Haha. I like your style, as well. The sloth rug could always be used to sop up the blood on the floor, too. Its eyes could be hardened and used as marbles, too. We could sell the sloth's genitalia and bones to some Chinese people, who would grind it up and snort it for aphrodiatic (is that a word? Well, it is now) purposes.
Allectopia
16-05-2004, 09:54
Stage a knife fight between hobo Bob and howler monkey Jojo. Proceed to use sloth's body fats to help bake a cake. I like your style. Yet I think the sloth could be put to more use. Such as, after you have baked the cake, you can clean out the rest and use it as a handy rug and you need something for the 2 to fight over. Something they both commonly like. Like a banana or the hobos other 2 toes...

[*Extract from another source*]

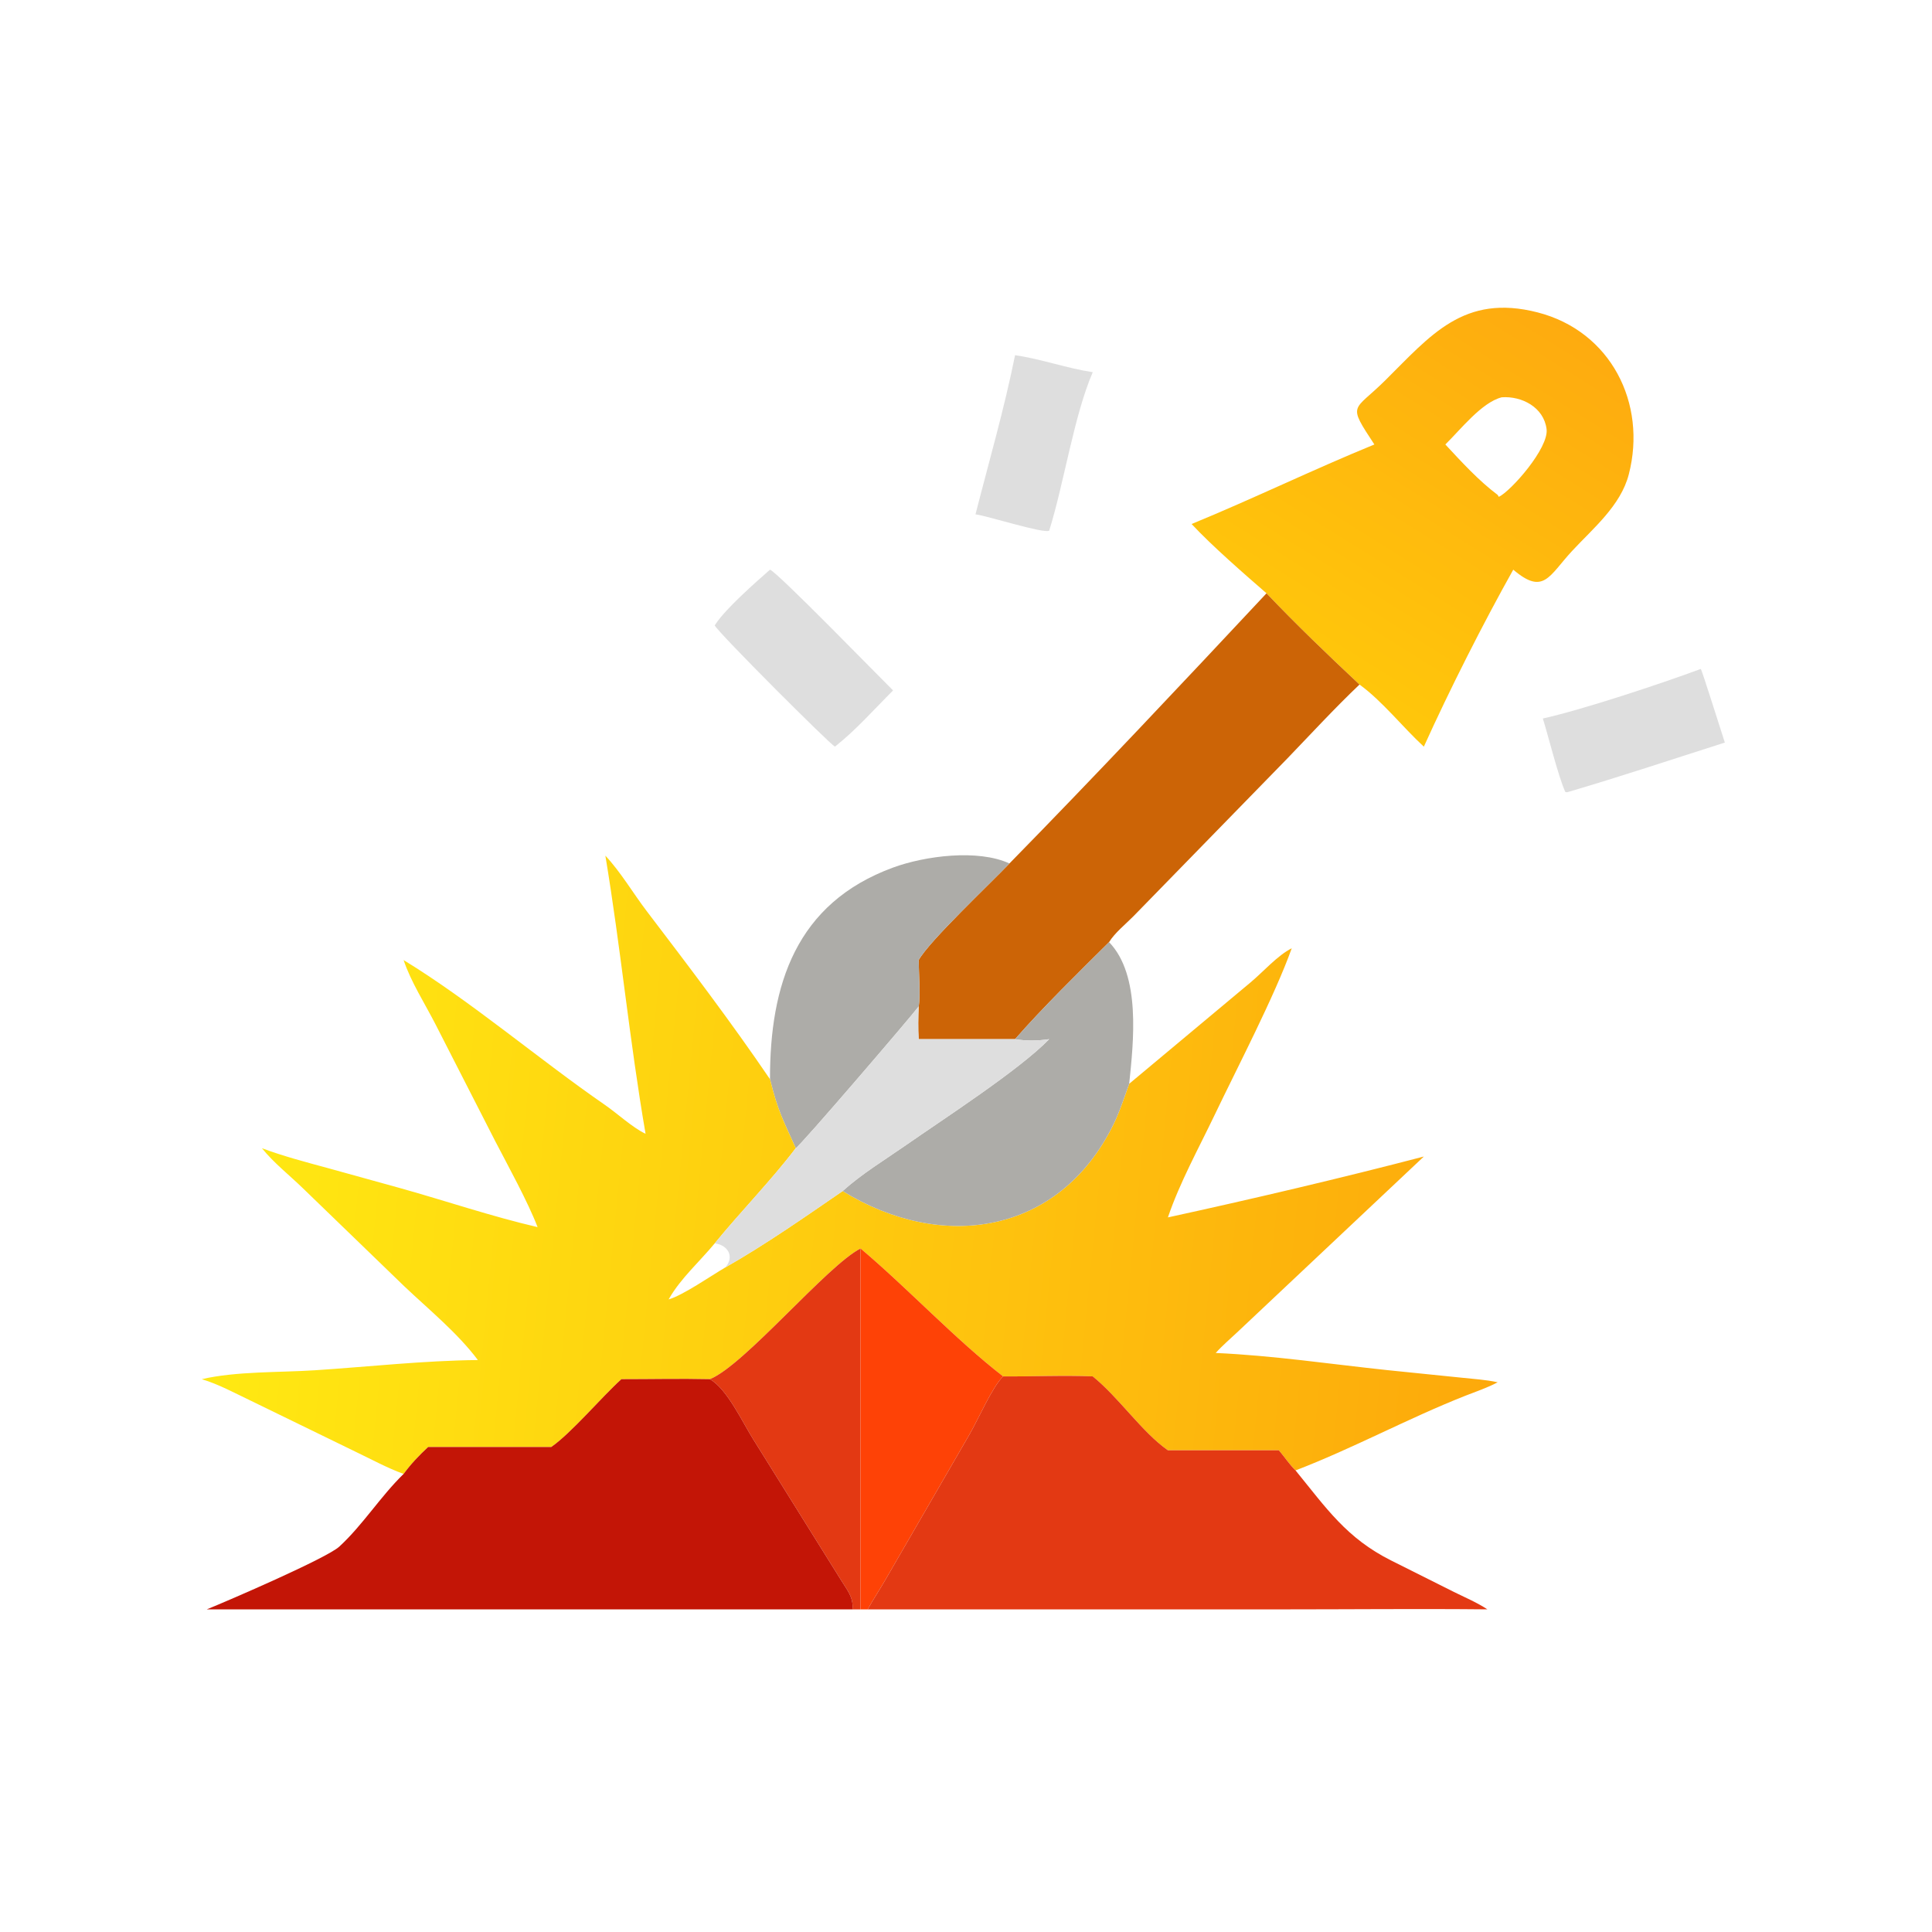 <svg xmlns="http://www.w3.org/2000/svg" xmlns:xlink="http://www.w3.org/1999/xlink" width="1024" height="1024" viewBox="0 0 1024 1024"><defs><linearGradient id="gradient_0" gradientUnits="userSpaceOnUse" x1="406.583" y1="80.796" x2="346.167" y2="177.368"><stop offset="0" stop-color="#FEAB0F"></stop><stop offset="1" stop-color="#FFC70B"></stop></linearGradient></defs><path fill="url(#gradient_0)" transform="scale(2 2)" d="M335.641 157.23C329.629 152.002 321.18 144.662 315.784 138.868C332.073 132.18 347.944 124.453 364.223 117.79C356.984 106.766 358.592 109.225 367.046 100.857C379.134 88.891 387.889 77.749 407.507 82.795C426.843 87.769 436.528 106.859 431.644 125.726C429.499 134.011 422.214 139.984 416.64 145.989C410.479 152.628 409.105 157.848 401.029 150.967C393.053 165.183 384.089 182.914 377.335 197.874C371.708 192.696 366.391 185.852 360.282 181.412C351.935 173.594 343.508 165.513 335.641 157.23ZM397.982 105.286C392.666 106.616 386.98 113.938 383.033 117.79C387.307 122.393 391.871 127.391 396.895 131.154L397.204 131.671C400.388 130.165 410.492 118.75 409.859 113.72C409.133 107.945 403.309 104.909 397.982 105.286Z"></path><path fill="#DEDEDE" transform="scale(2 2)" d="M258.516 136.304C262.09 122.314 266.157 108.282 269.002 94.13C275.935 95.137 282.658 97.582 289.591 98.636C284.608 110.177 282 127.976 278.049 140.637C276.597 141.479 261.711 136.711 258.516 136.304Z"></path><path fill="#DEDEDE" transform="scale(2 2)" d="M189.407 165.747L189.613 165.434C192.277 161.315 200.153 154.41 204.056 150.967C206.126 151.722 232.974 179.345 236.679 182.971C231.685 187.945 226.788 193.524 221.259 197.874C219.704 197.009 190.682 168.019 189.407 165.747Z"></path><path fill="#CC6406" transform="scale(2 2)" d="M267.514 228.826C290.32 205.56 313.392 180.999 335.641 157.23C343.508 165.513 351.935 173.594 360.282 181.412C353.68 187.688 347.519 194.396 341.204 200.953L300.38 242.806C298.339 244.882 295.402 247.226 293.918 249.674C286.01 257.533 276.33 266.993 269.002 275.389L243.457 275.389C243.281 272.482 243.343 269.629 243.457 266.724C243.944 264.097 243.479 257.424 243.457 254.43C246.225 249.428 262.267 234.32 267.514 228.826Z"></path><path fill="#DEDEDE" transform="scale(2 2)" d="M408.871 190.416C419.597 188.009 440.067 181.228 450.719 177.277C451.061 177.6 456.378 194.651 457.101 196.789C443.196 201.215 429.301 205.86 415.299 209.962L414.823 209.877C413 205.891 410.332 195.102 408.871 190.416Z"></path><path fill="#ADACA8" transform="scale(2 2)" d="M204.056 286.003C204.015 261.076 210.872 239.375 236.664 229.915C245.121 226.813 259.147 224.969 267.514 228.826C262.267 234.32 246.225 249.428 243.457 254.43C243.479 257.424 243.944 264.097 243.457 266.724C241.367 269.51 212.001 303.782 210.875 304.283C207.499 296.664 206.231 294.749 204.056 286.003Z"></path><defs><linearGradient id="gradient_1" gradientUnits="userSpaceOnUse" x1="397.715" y1="336.396" x2="61.601" y2="303.296"><stop offset="0" stop-color="#FDA90B"></stop><stop offset="1" stop-color="#FFE912"></stop></linearGradient></defs><path fill="url(#gradient_1)" transform="scale(2 2)" d="M160.427 226.755C164.55 231.173 167.744 236.672 171.408 241.484C182.509 256.061 193.747 270.842 204.056 286.003C206.231 294.749 207.499 296.664 210.875 304.283C204.514 312.681 196.209 321.159 189.407 329.505C185.502 334.227 180.442 338.74 177.384 344.028L177.188 344.362C181.027 343.248 188.387 338.126 192.192 335.898C202.936 329.771 213.128 322.637 223.316 315.64C249.457 331.757 280.609 327.414 295.08 297.972C296.775 294.525 297.928 290.816 299.25 287.213L331.4 260.355C334.7 257.612 338.572 253.171 342.324 251.303C337.801 263.955 327.832 283.05 321.889 295.481C317.679 304.286 312.652 313.365 309.505 322.625C331.397 317.858 355.768 312.134 377.335 306.491L327.847 353.098C325.953 354.883 323.911 356.609 322.18 358.552C337.393 359.227 352.57 361.5 367.706 363.102L387.272 365.096C390.454 365.446 393.772 365.626 396.895 366.321C394.159 367.779 391.184 368.763 388.303 369.9C373.054 375.92 358.614 383.813 343.332 389.676C341.726 388.144 340.387 386.049 338.915 384.344L309.505 384.344C302.631 379.529 296.596 370.439 289.591 364.758C281.709 364.428 273.733 364.822 265.837 364.758C253.202 354.967 240.628 341.471 228.055 330.864C219.217 335.342 197.229 361.873 188.108 365.497C180.306 365.315 172.477 365.506 164.672 365.497C159.338 370.336 151.448 379.734 146.088 383.471L113.461 383.471C111.07 385.682 108.89 387.982 106.959 390.609C102.572 389.009 98.486 386.766 94.284 384.754L66.518 371.23C62.279 369.214 57.978 366.85 53.477 365.497C62.554 363.378 74.129 363.744 83.476 363.133C97.818 362.195 112.266 360.57 126.641 360.424C121.241 353.225 113.663 347.065 107.14 340.879L80.297 314.924C76.675 311.407 72.583 308.214 69.406 304.283C75.172 306.434 80.916 307.935 86.844 309.546L106.264 314.923C118.319 318.303 130.269 322.368 142.466 325.2C139.856 318.406 134.631 308.959 131.247 302.43L115.386 271.402C112.583 265.933 108.915 260.245 106.959 254.43C124.813 265.328 142.797 280.718 160.294 292.798C163.62 295.094 167.604 298.815 171.082 300.469C166.853 276.027 164.512 251.243 160.427 226.755Z"></path><path fill="#ADACA8" transform="scale(2 2)" d="M269.002 275.389C276.33 266.993 286.01 257.533 293.918 249.674C302.401 258.468 300.399 276.05 299.25 287.213C297.928 290.816 296.775 294.525 295.08 297.972C280.609 327.414 249.457 331.757 223.316 315.64C228.425 311.029 234.597 307.309 240.24 303.371C249.884 296.638 270.139 283.552 278.049 275.389C275.042 275.836 272.002 275.896 269.002 275.389Z"></path><path fill="#DEDEDE" transform="scale(2 2)" d="M210.875 304.283C212.001 303.782 241.367 269.51 243.457 266.724C243.343 269.629 243.281 272.482 243.457 275.389L269.002 275.389C272.002 275.896 275.042 275.836 278.049 275.389C270.139 283.552 249.884 296.638 240.24 303.371C234.597 307.309 228.425 311.029 223.316 315.64C213.128 322.637 202.936 329.771 192.192 335.898L192.381 335.674C194.624 332.958 192.863 329.908 189.407 329.505C196.209 321.159 204.514 312.681 210.875 304.283Z"></path><path fill="#E33913" transform="scale(2 2)" d="M188.108 365.497C197.229 361.873 219.217 335.342 228.055 330.864L228.055 426.497L225.905 426.497C226.248 423.227 224.397 421.268 222.762 418.557L199.601 381.411C196.827 377.034 192.669 368 188.108 365.497Z"></path><path fill="#FE4206" transform="scale(2 2)" d="M228.055 330.864C240.628 341.471 253.202 354.967 265.837 364.758C262.942 367.562 259.203 376.225 256.936 380.116L234.746 418.475C233.196 421.181 231.458 423.773 229.939 426.497L228.055 426.497L228.055 330.864Z"></path><path fill="#E33913" transform="scale(2 2)" d="M229.939 426.497C231.458 423.773 233.196 421.181 234.746 418.475L256.936 380.116C259.203 376.225 262.942 367.562 265.837 364.758C273.733 364.822 281.709 364.428 289.591 364.758C296.596 370.439 302.631 379.529 309.505 384.344L338.915 384.344C340.387 386.049 341.726 388.144 343.332 389.676C351.514 399.698 356.835 407.629 368.699 413.563L385.157 421.809C388.136 423.301 391.397 424.65 394.167 426.497C375.971 426.314 357.754 426.501 339.555 426.501L229.939 426.497Z"></path><path fill="#C31506" transform="scale(2 2)" d="M164.672 365.497C172.477 365.506 180.306 365.315 188.108 365.497C192.669 368 196.827 377.034 199.601 381.411L222.762 418.557C224.397 421.268 226.248 423.227 225.905 426.497L54.807 426.497C60.357 424.252 86.583 412.934 89.914 409.871C96.162 404.124 100.818 396.579 106.959 390.609C108.89 387.982 111.07 385.682 113.461 383.471L146.088 383.471C151.448 379.734 159.338 370.336 164.672 365.497Z"></path></svg>

Haha. I like your style, as well. The sloth rug could always be used to sop up the blood on the floor, too. Its eyes could be hardened and used as marbles, too. We could sell the sloth's genitalia and bones to some Chinese people, who would grind it up and snort it for aphrodiatic (is that a word? Well, it is now) purposes.I would kind of like a game of glassy eyed marbles right about now. And the blood stained sloth rug was pure genius. You could even fake it off as some kind of rare breed of red spotted sloth and sell it to a couple of ignorant snobs over eBay and then buy an overpriced Domo-Kun (I love them). Now don't think of the Chinese people so lowly. They would probably sell it too, but as some kind of sexual item you would only find in a creepy anime porno. Or use its oversized, under used testacles as ping pong balls and the bones as samurai swords, which would eventually bring upon their family doom as one of they're children impales his/her other whilst trying to copy moves of the children's program Samurai Jack.